*ACTIVITY*: When you reach the line containing "#345 = CARTESIAN_POINT" in the entries below, begin reproducing lines exactly, and stop once the line containing "#357 = AXIS2_PLACEMENT_3D" is done.

*GIVEN DATA*:
########################################

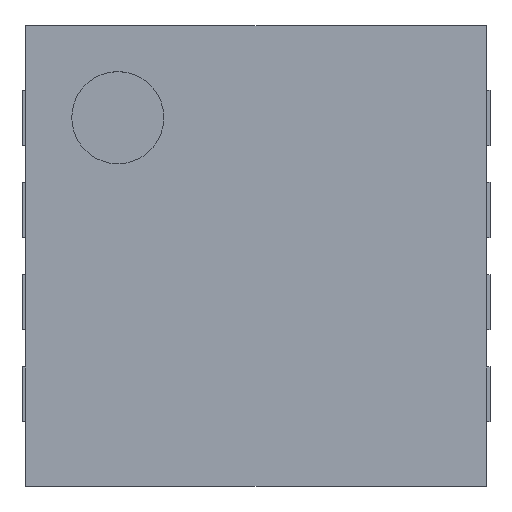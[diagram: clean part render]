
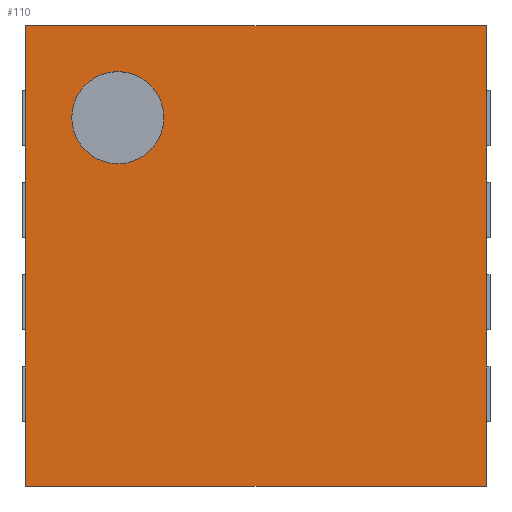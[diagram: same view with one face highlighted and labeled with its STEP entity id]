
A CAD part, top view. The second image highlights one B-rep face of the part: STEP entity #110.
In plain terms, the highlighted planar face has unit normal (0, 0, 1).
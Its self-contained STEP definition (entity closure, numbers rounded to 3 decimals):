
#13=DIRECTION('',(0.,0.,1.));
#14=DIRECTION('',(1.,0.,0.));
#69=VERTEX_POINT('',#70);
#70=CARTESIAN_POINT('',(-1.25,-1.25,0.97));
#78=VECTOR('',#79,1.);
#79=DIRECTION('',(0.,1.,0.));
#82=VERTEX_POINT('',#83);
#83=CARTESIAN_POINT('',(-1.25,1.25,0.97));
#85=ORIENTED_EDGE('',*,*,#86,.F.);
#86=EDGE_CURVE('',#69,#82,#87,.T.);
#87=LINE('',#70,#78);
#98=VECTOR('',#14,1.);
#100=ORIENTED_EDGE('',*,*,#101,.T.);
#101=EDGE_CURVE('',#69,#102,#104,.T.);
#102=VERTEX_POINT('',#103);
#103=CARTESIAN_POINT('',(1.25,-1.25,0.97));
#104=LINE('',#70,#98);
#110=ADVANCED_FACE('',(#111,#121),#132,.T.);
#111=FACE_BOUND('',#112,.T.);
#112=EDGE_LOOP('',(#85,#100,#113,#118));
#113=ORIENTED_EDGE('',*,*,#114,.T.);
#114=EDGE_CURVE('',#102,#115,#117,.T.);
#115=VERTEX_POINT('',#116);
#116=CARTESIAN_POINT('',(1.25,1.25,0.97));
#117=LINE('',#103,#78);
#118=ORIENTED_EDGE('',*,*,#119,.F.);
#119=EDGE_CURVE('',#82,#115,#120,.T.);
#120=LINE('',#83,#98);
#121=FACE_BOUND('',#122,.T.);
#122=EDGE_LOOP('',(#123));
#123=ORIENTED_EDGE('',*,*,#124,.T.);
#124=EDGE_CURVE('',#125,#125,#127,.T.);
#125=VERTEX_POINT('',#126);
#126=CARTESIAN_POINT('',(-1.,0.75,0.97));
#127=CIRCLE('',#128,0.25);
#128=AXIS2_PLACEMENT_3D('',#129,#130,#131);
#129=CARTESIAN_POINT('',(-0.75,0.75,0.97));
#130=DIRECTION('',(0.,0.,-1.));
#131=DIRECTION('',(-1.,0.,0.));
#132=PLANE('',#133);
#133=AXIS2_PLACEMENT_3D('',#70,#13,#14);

########################################

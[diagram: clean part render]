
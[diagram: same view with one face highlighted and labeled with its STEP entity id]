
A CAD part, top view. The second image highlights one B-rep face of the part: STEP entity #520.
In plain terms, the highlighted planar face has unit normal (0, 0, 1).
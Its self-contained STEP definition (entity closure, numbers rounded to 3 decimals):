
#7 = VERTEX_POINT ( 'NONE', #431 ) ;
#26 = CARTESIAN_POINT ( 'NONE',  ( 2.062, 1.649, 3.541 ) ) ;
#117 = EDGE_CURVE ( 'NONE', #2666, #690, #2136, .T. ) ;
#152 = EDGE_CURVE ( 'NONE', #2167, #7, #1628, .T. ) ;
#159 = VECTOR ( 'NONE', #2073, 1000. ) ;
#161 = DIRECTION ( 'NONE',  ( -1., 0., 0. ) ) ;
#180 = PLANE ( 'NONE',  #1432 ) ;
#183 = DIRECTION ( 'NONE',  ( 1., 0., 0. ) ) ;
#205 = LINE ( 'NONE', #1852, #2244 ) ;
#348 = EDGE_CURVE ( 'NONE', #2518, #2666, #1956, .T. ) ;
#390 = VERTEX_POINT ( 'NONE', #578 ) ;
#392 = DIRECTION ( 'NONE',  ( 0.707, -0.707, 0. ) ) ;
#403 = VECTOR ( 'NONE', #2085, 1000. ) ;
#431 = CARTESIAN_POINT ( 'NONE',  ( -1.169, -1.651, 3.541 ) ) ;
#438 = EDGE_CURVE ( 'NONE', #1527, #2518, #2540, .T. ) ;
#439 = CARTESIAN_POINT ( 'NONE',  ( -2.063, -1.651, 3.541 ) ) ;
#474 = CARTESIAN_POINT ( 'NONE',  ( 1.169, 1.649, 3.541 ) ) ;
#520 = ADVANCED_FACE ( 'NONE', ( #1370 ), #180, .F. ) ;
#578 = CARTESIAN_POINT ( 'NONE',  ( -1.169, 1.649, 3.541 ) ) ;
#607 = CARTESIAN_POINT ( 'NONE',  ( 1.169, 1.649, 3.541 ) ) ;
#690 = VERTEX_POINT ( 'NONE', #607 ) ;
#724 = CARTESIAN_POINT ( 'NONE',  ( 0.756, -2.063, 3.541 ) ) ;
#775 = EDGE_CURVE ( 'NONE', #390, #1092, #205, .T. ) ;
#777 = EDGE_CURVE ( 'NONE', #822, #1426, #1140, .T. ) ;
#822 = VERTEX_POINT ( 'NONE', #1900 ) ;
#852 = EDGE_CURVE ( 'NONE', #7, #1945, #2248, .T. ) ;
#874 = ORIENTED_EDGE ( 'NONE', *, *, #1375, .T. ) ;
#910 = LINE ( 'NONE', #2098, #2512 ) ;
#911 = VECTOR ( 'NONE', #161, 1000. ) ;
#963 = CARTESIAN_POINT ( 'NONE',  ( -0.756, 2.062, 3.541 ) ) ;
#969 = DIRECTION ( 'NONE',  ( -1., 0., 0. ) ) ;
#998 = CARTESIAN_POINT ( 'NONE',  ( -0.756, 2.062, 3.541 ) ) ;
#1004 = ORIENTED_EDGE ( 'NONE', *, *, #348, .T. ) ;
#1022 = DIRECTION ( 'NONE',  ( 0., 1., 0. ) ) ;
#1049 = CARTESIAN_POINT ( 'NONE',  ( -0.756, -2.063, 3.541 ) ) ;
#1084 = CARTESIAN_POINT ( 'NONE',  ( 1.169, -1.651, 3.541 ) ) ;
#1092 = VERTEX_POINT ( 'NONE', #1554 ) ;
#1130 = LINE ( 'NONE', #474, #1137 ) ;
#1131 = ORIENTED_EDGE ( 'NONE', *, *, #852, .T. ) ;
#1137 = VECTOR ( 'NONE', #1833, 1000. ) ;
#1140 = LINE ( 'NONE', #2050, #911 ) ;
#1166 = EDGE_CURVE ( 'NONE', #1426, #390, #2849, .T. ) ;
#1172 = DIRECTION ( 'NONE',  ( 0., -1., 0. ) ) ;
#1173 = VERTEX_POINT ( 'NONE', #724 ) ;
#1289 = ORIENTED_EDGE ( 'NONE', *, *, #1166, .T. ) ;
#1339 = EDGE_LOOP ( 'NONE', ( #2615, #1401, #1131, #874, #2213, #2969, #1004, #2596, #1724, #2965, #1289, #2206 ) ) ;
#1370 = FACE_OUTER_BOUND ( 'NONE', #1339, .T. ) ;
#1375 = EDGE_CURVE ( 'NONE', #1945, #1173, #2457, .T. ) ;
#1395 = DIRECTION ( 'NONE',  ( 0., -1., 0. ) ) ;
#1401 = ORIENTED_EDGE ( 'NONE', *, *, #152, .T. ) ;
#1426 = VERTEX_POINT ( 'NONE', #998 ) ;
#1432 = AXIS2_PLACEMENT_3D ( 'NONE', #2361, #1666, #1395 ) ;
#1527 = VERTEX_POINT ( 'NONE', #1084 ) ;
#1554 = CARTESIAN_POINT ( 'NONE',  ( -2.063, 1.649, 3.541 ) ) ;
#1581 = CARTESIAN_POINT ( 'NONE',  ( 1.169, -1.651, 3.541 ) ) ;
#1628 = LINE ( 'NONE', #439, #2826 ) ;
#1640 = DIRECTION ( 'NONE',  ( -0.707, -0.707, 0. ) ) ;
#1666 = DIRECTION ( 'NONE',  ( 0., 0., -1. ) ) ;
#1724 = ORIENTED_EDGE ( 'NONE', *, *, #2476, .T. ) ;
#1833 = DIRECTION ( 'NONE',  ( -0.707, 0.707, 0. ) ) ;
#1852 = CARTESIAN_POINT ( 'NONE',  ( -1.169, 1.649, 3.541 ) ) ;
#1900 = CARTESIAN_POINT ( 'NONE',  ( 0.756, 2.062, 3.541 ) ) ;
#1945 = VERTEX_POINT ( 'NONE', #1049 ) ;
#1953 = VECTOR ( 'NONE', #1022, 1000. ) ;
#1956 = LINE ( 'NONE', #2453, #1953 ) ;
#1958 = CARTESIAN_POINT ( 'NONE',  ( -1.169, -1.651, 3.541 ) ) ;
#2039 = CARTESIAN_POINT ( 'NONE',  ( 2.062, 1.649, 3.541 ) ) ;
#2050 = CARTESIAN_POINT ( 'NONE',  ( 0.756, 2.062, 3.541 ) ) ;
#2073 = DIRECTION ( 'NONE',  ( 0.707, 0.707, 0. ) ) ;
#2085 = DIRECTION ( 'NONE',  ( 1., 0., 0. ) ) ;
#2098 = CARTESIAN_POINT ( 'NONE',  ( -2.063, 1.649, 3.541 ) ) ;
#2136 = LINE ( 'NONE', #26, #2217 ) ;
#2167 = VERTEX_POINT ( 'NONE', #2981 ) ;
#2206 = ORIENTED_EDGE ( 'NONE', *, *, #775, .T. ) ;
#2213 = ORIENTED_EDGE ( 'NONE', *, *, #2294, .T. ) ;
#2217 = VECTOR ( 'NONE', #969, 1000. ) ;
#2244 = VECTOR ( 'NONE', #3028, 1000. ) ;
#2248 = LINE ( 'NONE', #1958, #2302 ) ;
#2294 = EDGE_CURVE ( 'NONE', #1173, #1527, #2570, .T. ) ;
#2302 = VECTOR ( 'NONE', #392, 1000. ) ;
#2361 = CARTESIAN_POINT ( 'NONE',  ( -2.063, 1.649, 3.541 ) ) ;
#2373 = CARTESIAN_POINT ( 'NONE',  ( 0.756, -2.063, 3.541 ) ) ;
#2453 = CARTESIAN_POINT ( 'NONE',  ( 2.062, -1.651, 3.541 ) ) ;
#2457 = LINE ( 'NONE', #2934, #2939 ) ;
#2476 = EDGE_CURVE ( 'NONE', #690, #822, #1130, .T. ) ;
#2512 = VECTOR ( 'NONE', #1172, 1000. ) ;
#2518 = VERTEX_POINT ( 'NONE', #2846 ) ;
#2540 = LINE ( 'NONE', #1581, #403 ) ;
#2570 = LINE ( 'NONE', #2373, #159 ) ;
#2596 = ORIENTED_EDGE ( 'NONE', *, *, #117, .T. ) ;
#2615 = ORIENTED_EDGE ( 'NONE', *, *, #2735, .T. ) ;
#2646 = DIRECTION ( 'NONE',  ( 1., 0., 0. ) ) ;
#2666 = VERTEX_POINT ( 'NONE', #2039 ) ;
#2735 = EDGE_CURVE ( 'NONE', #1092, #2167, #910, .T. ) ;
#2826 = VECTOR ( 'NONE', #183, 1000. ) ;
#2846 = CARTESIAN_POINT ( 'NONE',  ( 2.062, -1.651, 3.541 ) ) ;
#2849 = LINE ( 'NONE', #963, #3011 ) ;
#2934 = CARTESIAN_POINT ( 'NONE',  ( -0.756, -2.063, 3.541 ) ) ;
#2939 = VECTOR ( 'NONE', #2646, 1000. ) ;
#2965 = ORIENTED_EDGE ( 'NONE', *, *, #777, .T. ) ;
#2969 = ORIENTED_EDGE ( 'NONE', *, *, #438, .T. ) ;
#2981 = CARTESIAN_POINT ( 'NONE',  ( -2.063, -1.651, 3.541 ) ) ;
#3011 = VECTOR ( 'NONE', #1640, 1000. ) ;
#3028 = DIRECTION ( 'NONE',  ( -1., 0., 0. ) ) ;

########################################

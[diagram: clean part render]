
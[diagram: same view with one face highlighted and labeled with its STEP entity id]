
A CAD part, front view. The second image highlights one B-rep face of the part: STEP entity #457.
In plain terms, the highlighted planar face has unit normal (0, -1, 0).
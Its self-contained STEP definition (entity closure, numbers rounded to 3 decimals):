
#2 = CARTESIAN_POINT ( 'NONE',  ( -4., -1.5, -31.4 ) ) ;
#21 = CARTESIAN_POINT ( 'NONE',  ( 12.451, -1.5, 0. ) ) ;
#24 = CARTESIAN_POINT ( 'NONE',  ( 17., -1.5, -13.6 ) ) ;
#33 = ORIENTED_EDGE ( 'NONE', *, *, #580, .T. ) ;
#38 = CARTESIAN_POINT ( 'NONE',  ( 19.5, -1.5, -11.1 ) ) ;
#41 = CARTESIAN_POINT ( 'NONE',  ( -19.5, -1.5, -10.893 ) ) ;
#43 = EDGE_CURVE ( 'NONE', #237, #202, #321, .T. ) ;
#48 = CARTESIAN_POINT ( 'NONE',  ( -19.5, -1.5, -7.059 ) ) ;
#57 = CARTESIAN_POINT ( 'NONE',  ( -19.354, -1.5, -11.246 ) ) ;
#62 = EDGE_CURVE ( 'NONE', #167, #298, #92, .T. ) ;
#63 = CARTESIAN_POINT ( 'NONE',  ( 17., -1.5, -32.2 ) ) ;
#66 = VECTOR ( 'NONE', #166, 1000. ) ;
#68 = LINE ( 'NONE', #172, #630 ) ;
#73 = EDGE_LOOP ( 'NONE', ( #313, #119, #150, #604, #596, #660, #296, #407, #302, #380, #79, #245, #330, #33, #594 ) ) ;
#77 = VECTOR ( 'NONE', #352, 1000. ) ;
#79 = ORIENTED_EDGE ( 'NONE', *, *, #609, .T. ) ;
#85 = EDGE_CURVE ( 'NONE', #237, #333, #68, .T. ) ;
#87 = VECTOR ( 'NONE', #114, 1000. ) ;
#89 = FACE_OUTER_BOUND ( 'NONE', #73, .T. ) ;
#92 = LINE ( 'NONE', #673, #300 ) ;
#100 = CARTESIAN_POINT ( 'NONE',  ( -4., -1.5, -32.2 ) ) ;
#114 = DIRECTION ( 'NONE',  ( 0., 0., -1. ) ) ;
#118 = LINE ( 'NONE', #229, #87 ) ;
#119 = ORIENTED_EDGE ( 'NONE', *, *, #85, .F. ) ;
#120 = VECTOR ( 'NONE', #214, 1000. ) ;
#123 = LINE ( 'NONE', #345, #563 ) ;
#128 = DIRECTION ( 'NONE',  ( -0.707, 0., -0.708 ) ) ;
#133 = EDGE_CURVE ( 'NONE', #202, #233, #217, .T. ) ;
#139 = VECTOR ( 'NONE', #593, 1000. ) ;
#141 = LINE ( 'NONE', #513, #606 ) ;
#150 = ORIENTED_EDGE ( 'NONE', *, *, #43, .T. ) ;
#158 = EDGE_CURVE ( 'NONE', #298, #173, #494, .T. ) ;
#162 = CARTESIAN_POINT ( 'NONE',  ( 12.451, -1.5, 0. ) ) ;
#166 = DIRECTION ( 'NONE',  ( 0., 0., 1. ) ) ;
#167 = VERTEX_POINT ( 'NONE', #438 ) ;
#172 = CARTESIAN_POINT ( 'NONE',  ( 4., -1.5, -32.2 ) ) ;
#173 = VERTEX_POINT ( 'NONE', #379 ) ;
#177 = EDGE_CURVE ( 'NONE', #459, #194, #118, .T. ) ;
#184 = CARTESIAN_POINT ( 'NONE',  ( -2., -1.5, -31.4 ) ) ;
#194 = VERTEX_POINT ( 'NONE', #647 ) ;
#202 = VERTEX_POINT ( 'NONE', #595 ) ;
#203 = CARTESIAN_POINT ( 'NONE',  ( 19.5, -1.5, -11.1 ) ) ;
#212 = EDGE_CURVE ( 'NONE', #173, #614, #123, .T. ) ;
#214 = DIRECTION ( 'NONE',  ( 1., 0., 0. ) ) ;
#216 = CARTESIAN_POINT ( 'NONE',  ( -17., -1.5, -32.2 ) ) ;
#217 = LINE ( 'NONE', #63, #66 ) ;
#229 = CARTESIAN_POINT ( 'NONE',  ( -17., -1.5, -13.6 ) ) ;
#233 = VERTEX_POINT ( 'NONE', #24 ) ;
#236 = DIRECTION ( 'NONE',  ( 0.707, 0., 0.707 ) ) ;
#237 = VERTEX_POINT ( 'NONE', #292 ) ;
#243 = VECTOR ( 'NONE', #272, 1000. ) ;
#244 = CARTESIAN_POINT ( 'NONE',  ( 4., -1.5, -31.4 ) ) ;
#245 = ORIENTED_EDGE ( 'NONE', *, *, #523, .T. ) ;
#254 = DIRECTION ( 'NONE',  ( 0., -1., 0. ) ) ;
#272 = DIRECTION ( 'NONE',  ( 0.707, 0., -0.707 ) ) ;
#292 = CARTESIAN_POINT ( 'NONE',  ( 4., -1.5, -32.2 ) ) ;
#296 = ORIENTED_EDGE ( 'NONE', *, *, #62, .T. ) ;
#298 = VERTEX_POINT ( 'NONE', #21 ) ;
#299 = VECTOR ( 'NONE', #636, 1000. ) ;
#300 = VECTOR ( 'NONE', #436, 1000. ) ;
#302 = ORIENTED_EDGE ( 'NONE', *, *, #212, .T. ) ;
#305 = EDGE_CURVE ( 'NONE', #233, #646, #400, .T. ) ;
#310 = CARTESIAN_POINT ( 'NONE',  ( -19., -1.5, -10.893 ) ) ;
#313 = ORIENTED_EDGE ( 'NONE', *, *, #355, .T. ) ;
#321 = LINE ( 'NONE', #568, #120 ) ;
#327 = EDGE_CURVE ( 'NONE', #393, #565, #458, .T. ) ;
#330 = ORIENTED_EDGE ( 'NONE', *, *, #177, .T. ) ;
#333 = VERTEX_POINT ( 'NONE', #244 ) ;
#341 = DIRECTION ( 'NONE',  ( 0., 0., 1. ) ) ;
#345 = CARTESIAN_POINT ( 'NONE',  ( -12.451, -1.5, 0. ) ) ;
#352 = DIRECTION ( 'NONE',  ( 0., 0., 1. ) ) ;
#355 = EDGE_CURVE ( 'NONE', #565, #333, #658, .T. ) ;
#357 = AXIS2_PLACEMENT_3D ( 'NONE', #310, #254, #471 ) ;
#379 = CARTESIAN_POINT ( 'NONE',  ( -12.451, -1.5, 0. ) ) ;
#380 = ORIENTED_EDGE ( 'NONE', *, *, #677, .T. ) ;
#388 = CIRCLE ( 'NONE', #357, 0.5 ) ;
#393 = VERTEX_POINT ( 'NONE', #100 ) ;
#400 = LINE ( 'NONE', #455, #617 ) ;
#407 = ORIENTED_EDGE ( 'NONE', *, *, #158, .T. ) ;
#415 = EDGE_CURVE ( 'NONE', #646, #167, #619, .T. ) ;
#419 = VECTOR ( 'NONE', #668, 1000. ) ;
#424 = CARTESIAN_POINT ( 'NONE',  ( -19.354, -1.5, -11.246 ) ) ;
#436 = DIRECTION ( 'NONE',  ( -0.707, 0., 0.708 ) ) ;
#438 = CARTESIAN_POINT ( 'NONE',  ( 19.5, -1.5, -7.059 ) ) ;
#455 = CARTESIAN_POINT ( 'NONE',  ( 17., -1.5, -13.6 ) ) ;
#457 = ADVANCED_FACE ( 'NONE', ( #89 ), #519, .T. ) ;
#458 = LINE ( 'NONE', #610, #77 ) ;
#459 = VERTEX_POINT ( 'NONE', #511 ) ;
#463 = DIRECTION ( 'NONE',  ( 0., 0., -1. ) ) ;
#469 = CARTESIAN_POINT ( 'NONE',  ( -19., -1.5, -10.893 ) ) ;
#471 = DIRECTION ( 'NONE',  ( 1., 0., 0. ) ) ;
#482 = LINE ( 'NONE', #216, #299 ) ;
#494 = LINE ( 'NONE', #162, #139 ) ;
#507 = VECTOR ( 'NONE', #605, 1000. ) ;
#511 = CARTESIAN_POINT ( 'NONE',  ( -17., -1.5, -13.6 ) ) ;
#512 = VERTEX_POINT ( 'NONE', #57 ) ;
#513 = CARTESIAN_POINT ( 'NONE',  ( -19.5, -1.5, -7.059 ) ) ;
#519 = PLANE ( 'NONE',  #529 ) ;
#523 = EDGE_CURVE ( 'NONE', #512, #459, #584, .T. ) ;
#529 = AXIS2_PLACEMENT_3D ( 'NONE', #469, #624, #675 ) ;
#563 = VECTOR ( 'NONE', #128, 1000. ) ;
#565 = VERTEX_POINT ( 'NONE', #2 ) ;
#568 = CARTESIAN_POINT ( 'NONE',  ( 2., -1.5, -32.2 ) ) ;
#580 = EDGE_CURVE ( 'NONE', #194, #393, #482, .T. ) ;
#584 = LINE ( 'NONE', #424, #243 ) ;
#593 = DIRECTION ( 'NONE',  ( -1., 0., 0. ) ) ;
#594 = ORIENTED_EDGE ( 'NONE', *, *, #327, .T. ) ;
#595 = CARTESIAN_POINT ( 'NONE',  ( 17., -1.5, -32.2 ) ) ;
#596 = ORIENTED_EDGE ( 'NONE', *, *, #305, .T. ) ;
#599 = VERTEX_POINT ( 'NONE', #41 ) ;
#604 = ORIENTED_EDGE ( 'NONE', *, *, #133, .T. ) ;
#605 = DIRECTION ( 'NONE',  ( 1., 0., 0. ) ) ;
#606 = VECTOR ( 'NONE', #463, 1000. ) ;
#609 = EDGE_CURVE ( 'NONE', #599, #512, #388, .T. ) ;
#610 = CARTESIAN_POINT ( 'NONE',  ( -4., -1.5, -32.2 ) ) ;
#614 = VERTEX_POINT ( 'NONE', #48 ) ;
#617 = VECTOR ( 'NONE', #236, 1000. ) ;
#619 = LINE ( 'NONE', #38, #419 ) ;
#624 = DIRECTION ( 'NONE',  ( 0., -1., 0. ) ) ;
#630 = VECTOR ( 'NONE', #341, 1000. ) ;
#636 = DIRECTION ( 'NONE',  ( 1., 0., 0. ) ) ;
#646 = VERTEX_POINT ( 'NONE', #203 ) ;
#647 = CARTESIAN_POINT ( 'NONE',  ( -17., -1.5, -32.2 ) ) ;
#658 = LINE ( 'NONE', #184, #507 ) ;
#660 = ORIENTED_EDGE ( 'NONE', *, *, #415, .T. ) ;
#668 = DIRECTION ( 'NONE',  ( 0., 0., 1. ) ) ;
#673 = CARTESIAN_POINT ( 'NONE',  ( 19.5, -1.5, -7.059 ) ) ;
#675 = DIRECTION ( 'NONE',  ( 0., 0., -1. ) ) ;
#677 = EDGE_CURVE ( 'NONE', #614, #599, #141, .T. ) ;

########################################

*EXERCISE ANSWER*:
#345 = CARTESIAN_POINT ( 'NONE',  ( -12.451, -1.5, 0. ) ) ;
#352 = DIRECTION ( 'NONE',  ( 0., 0., 1. ) ) ;
#355 = EDGE_CURVE ( 'NONE', #565, #333, #658, .T. ) ;
#357 = AXIS2_PLACEMENT_3D ( 'NONE', #310, #254, #471 ) ;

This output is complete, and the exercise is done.